Our cruise had a three-day extension to take a train up to Denali, spend the night, and then spend a night in Fairbanks (we also spent the night in Anchorage). What I did not realize was that food was not included in this extension. Our hotel and transportation costs were, but we were on our own for food. Let me tell you: it is hard coming off of a gourmet three-meal-per-day, eat-as-much-as-you’d-like to pay for your own food again!  

Potential Fuel Costs

The cruise ship has the right to increase the fare at any time due to fuel costs leading up to the Initial Departure as well as to require the payment of the additional fare prior to the Initial Departure. Thankfully, this did not happen on our cruise. Also, it should be noted that at least with our cruise, the contract states that you have the right to cancel your cruise and receive the “Refund Amount” (lots of fine print there) within seven days of being notified of additional fare.

Have you cruised before? Where did you go? Any fees you strongly remember?

Ways to Save on Travel

7 thoughts on “Uncovering all the Extra Costs of Going on a Cruise

  1. Linda

    That’s good information.

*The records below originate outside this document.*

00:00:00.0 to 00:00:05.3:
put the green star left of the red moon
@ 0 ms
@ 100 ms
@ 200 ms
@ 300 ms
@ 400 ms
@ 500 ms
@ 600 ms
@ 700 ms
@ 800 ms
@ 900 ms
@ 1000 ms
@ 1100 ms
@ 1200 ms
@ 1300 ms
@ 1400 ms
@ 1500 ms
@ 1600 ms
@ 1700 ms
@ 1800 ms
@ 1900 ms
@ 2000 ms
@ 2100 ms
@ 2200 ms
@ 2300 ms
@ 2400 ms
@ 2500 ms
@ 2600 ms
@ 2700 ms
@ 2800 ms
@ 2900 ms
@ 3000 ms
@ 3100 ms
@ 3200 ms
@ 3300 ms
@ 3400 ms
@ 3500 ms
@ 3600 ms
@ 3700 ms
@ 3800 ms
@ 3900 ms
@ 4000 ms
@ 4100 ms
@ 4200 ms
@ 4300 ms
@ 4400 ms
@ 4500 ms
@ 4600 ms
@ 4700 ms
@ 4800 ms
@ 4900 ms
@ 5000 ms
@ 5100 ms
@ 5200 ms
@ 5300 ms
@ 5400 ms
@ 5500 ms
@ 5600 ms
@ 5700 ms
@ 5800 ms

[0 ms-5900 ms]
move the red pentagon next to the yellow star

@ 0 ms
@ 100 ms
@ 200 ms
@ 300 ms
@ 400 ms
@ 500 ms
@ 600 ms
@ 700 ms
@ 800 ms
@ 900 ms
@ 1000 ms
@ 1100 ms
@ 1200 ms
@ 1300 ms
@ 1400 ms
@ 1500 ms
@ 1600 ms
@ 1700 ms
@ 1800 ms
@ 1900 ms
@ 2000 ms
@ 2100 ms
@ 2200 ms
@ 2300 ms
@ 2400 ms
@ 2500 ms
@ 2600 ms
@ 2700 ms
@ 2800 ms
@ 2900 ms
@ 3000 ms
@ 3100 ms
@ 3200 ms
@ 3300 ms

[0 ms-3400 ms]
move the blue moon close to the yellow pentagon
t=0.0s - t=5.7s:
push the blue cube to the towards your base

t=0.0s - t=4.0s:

I’ve never been on a cruise but would like to go on one some day with my husband.

  2. WL

    I’ve been on several cruises and have always enjoyed the experiences. (Aside from this dodgy bar in Mexico once but even then, their fish tacos were amazing…)

    Some other hidden costs to account for:
    1. Souvenirs- not just the obvious t-shirts and trinkets, but many ships host on-board art auctions or offer to take professional photo portraits
    2. Gambling money- most ships have casinos or at least bingo and you play using shipboard credit instead of cash so be extra mindful of your final cruise invoice and your credit card balance
    3. “Cover charges”- for example, Norwegian has moved to a casual “freestyle” model that ditches the traditional formal set sit-down dinner times but that means certain on-board restaurants (like the steakhouse or the sushi bar) charge extra
    4. Laundry- you can overpack with clothes as you did or you can bring a minimal amount and have them washed on board to wear again

    You can potentially save on internet by using internet cafes in port. And booking excursions using local operators in port instead of through the cruise company does save money, but be mindful that only excursions booked through the cruise company guarantee to get you back on board in time when the ship leaves.

    Happy sailing!

  3. Tommy Z

    Have you cruised before? Where did you go? Any fees you strongly remember?

    My wife and I cruised the Carribbean a few weeks ago. A few costs not mentioned in this post:

    1. Passports (very expensive now).
    2. Taxi between airport and seaport (twice).
    3. Photographs
    4. Premium Restaurants (surcharges).
    5. Tips at premium restaurants.
    6. Tips for the workers doing the excursions.
    7. Storage lockers on excursions.
    8. Credit card foreign transaction fee charges when in port.